Często muszę podróżować służbowo z powodu obowiązków zawodowych. Szef zawsze wybiera moją kandydaturę, gdy pojawia się pytanie, kto ma jechać. Tłumaczy to tym, że jestem młoda i nie mam dzieci, które związane byłyby mnie z domem. I nie mam nic przeciwko temu.
Mój mąż świetnie radzi sobie z obowiązkami domowymi podczas mojej nieobecności; przyjeżdżam do czystego domu, a zawsze czeka na mnie smaczna kolacja.
Podróże służbowe nawet mi się podobają. Po pierwsze, są dobrze płatne. Po drugie, mogę podróżować po kraju, poznawać nowych ciekawych ludzi, wielu z nich staje się moimi dobrymi przyjaciółmi. No i najważniejsze – mogę choć trochę odpocząć od codziennych obowiązków, od domowych trosk i trochę się rozerwać.

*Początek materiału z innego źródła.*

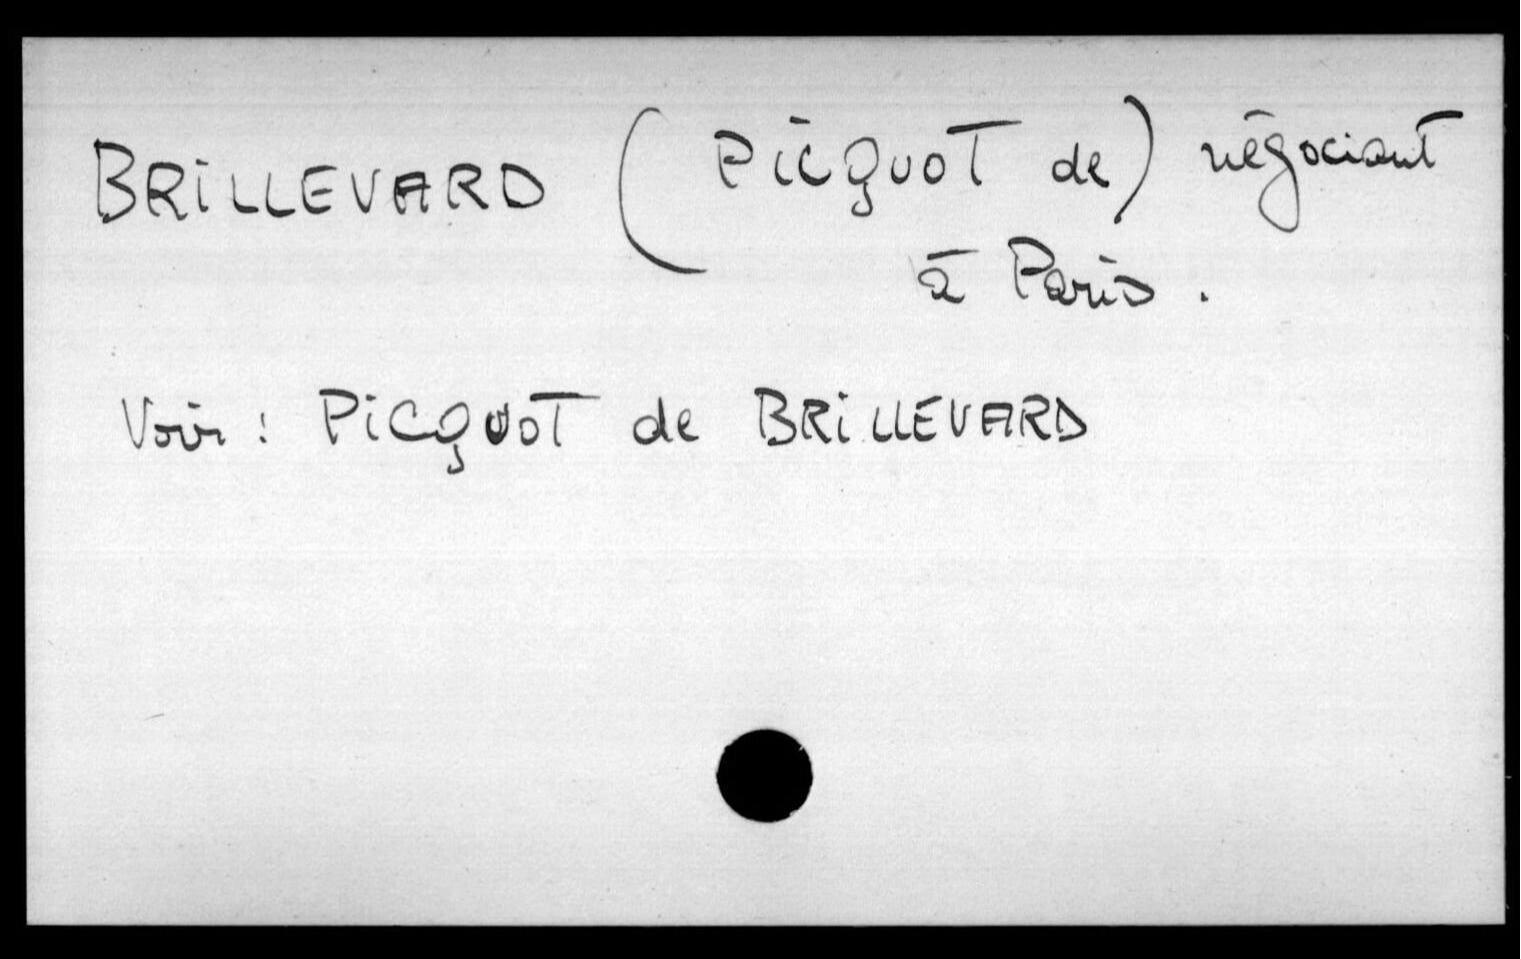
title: BRILLEVARD (Picquot de) négociant à Paris.
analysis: Voir : PICQUOT de BRILLEVARD
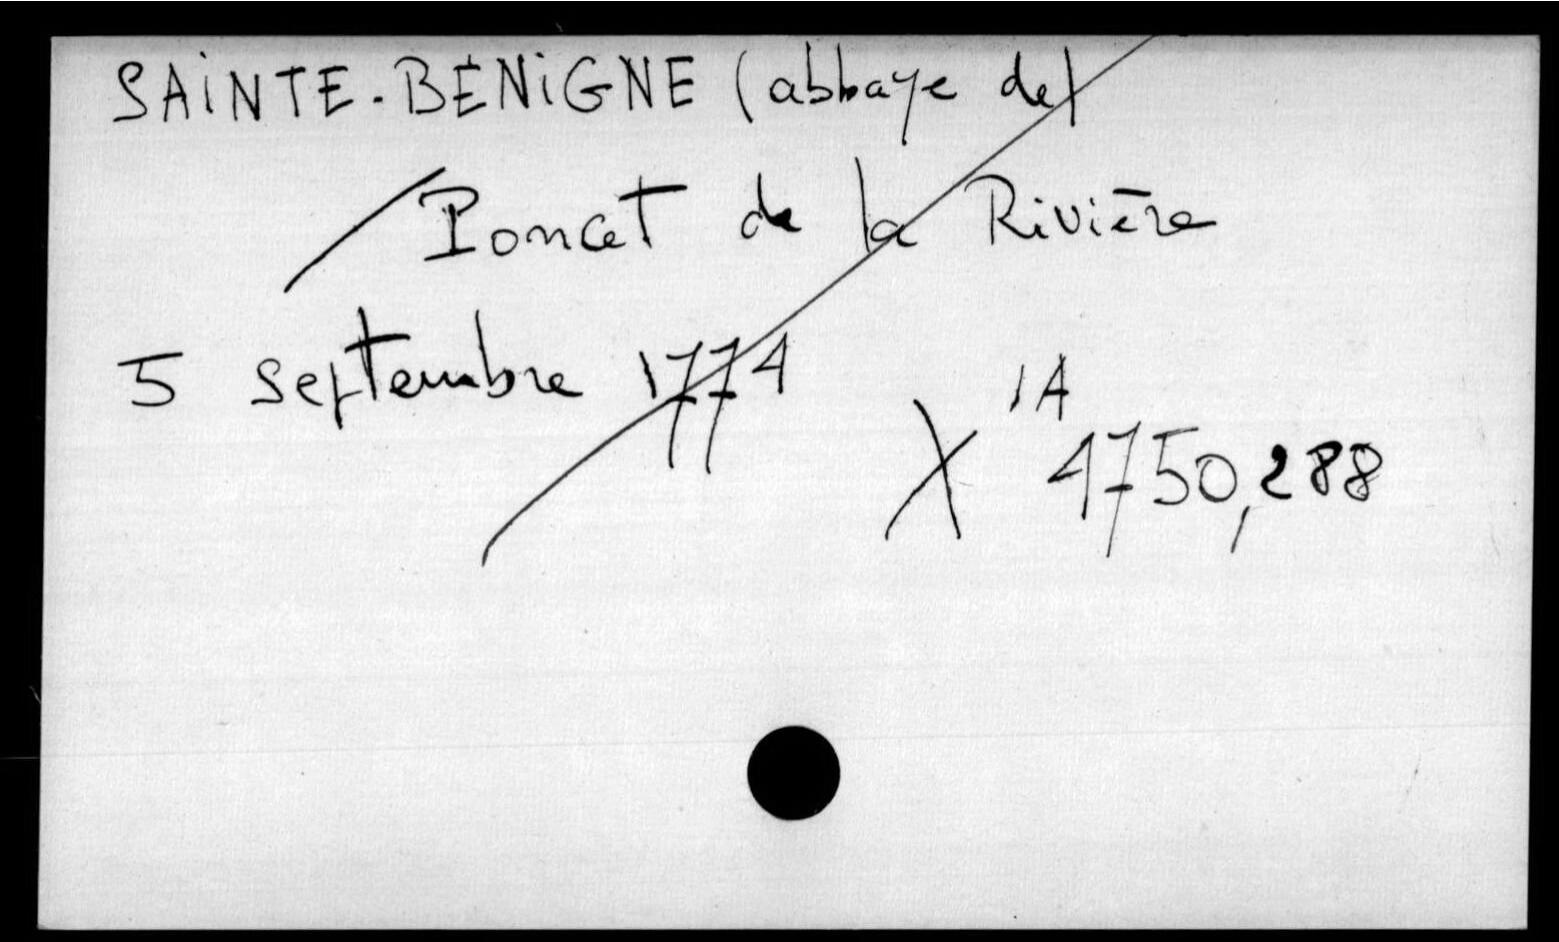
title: SAINTE-BÉNIGNE (abbaye de)
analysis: Contre Poncet de la Rivière
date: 5 septembre 1774
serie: X1A
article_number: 4750
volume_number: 288
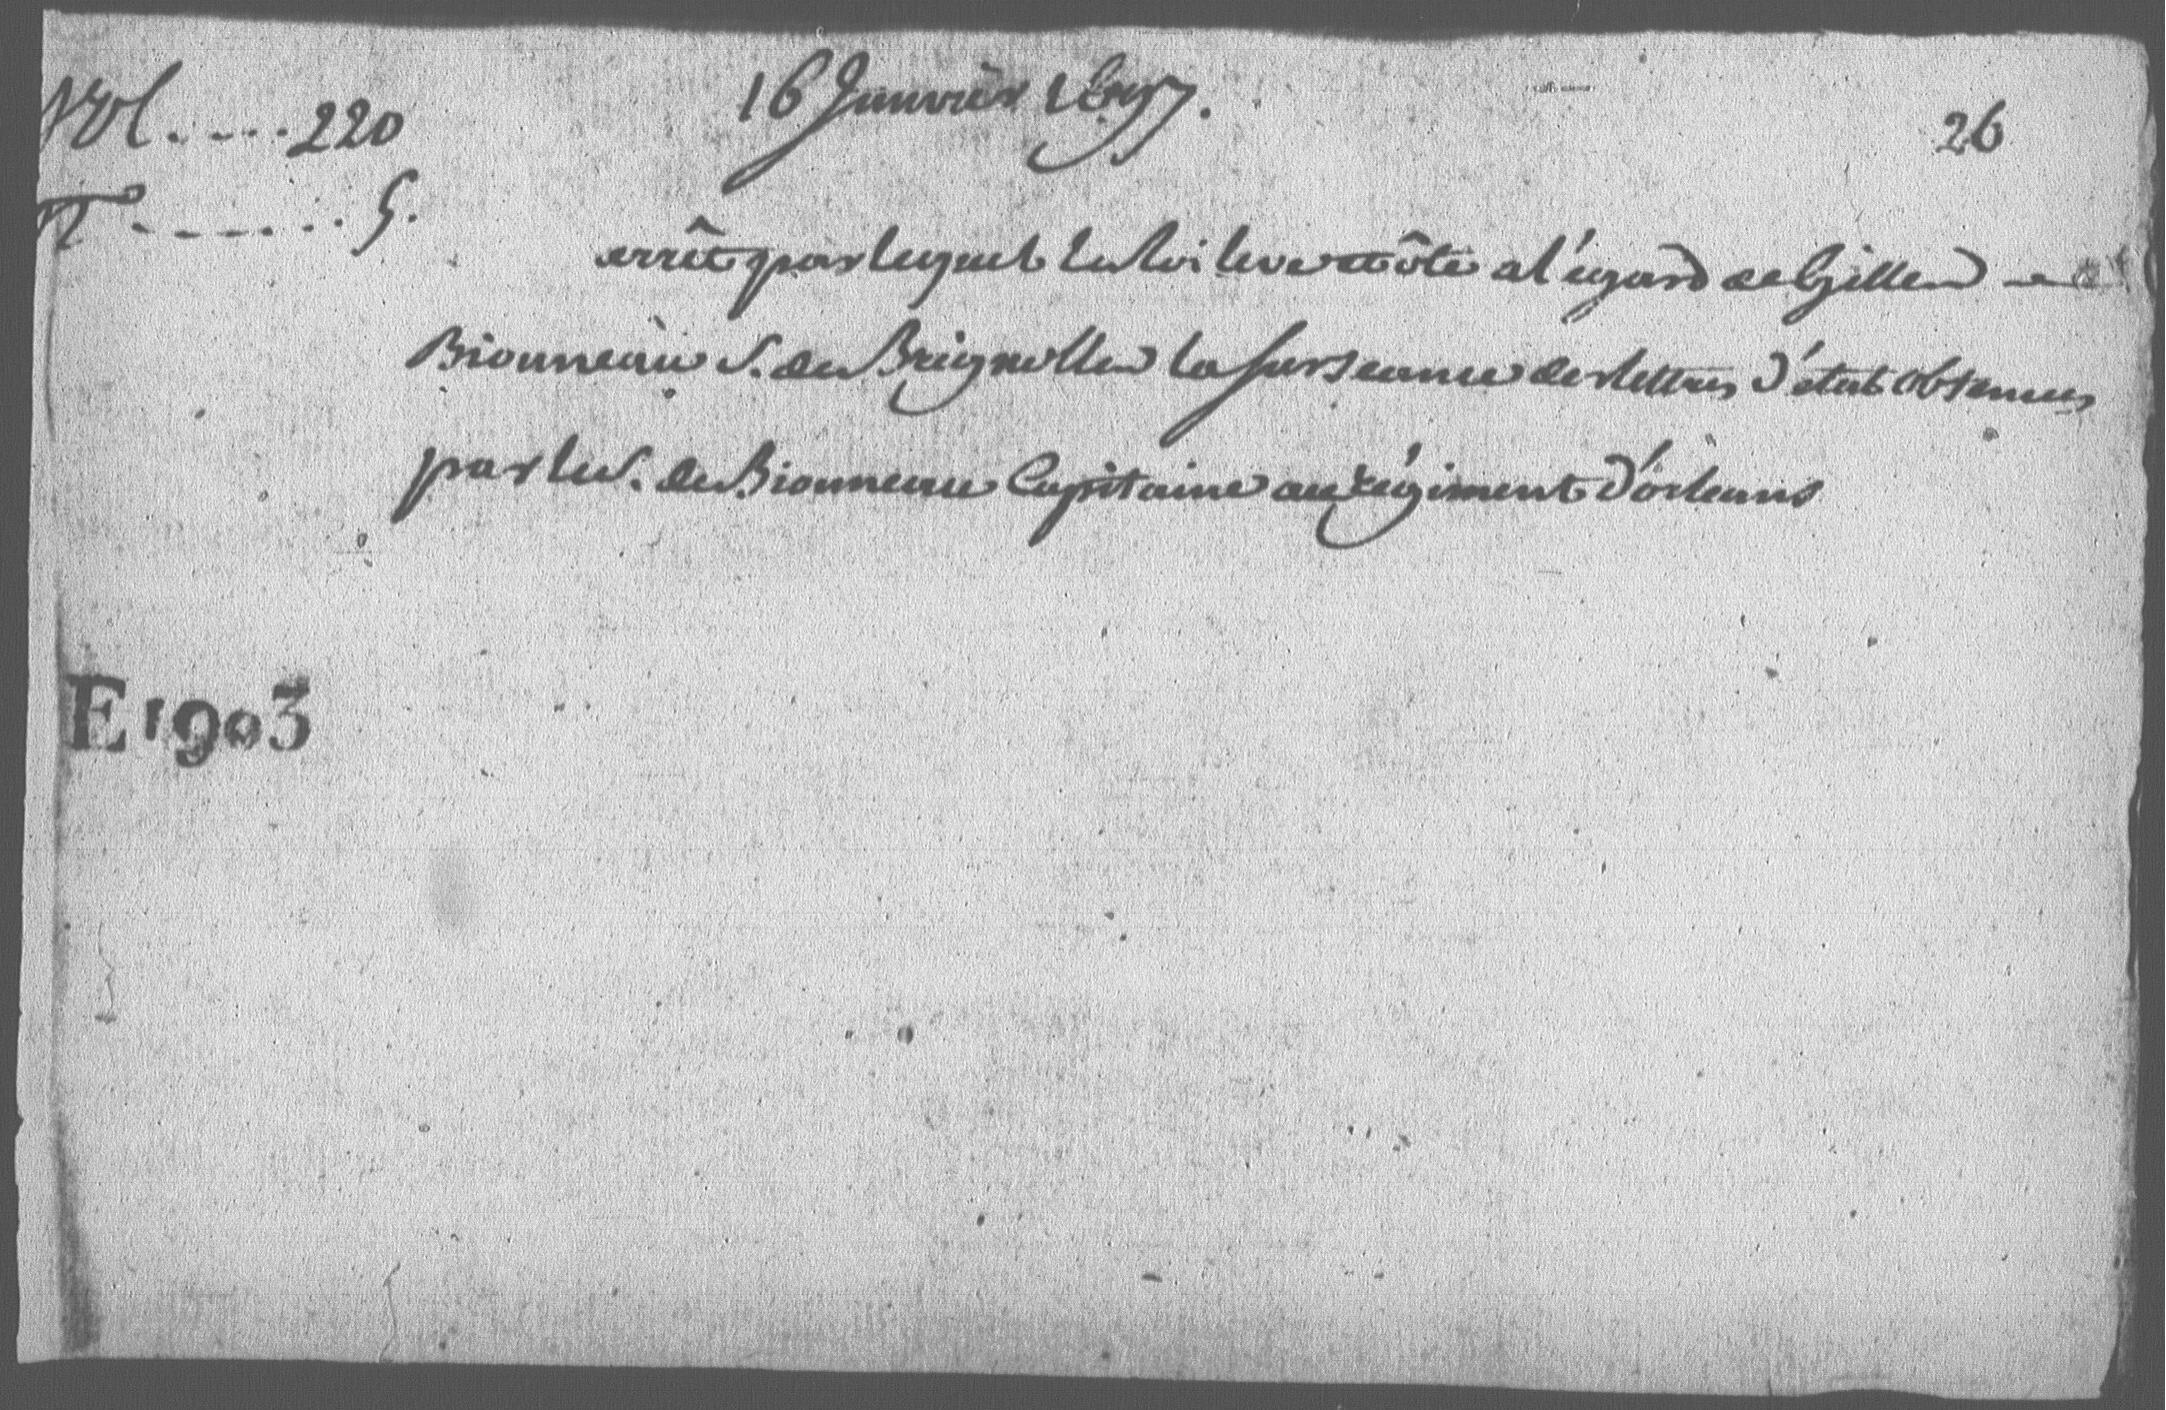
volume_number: n°5
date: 16 janvier 1637
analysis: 26
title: arrêt par lequel le Roi leve et ôte a l'égard de Gilles et Bionneau S. de Brignolles la surseance des lettres d'état obtenues par le S. de Bionneau Ccpitaine au régiment d'orleans
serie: E
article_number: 1903
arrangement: vol. 220 n°5

Moja ostatnia podróż służbowa trwała 20 dni. Bardzo tęskniłam za mężem i czekałam, kiedy wreszcie go zobaczę i przytulę. Zazwyczaj kilka dni wcześniej informuję o moim powrocie. W tym czasie mój mąż zdąży posprzątać mieszkanie, przygotować uroczą kolację na cześć mojego powrotu. Zawsze też witam mnie na dworcu.
Ale tym razem postanowiłam go nie obciążać i nie powiedzieć mu o moim przyjeździe. Dotarłam sama z dworca do domu i weszłam na mój piętro. Kiedy otworzyłam drzwi mieszkania, w środku było zimno. Usłyszałam kobiecy głos w łazience. W pierwszym momencie było mi nawet trochę śmieszno, pomyślałam: “No proszę, stałaś się jedną z bohaterek tych absurdalnych dowcipów, gdzie żona wraca niespodziewanie z podróży służbowej”.
Ale postanowiłam nie stać, tylko dać mojemu mężowi i jego kochance czadu. Zdecydowanie kierując się do łazienki, gwałtownie otworzyłam drzwi i zobaczyłam… uroczą, szczupłą dziewczynę, która stała w gumowych rękawiczkach z wiaderkiem przy muszli klozetowej i śpiewała piosenkę. Byłam tak zaskoczona, że mogłam tylko powiedzieć:
- Kim ty jesteś?
A dziewczyna odpowiedziała, że jest pracowniczką firmy sprzątającej. Okazało się, że gospodarz mieszkania zawsze wynajmuje ich firmę, gdy jego żona musi wrócić z podróży służbowej, aby odświeżyć i oczyścić jego “męską jaskinię”, którą mieszkanie staje się w mojej nieobecności.
Okazało się, że przez cały ten czas mój mąż ani razu nie posprzątał sam! Nie mam mu za złe. Niech wynajmuje choć sto firmy sprzątające, ważne, że mnie kocha i jest mi wierny.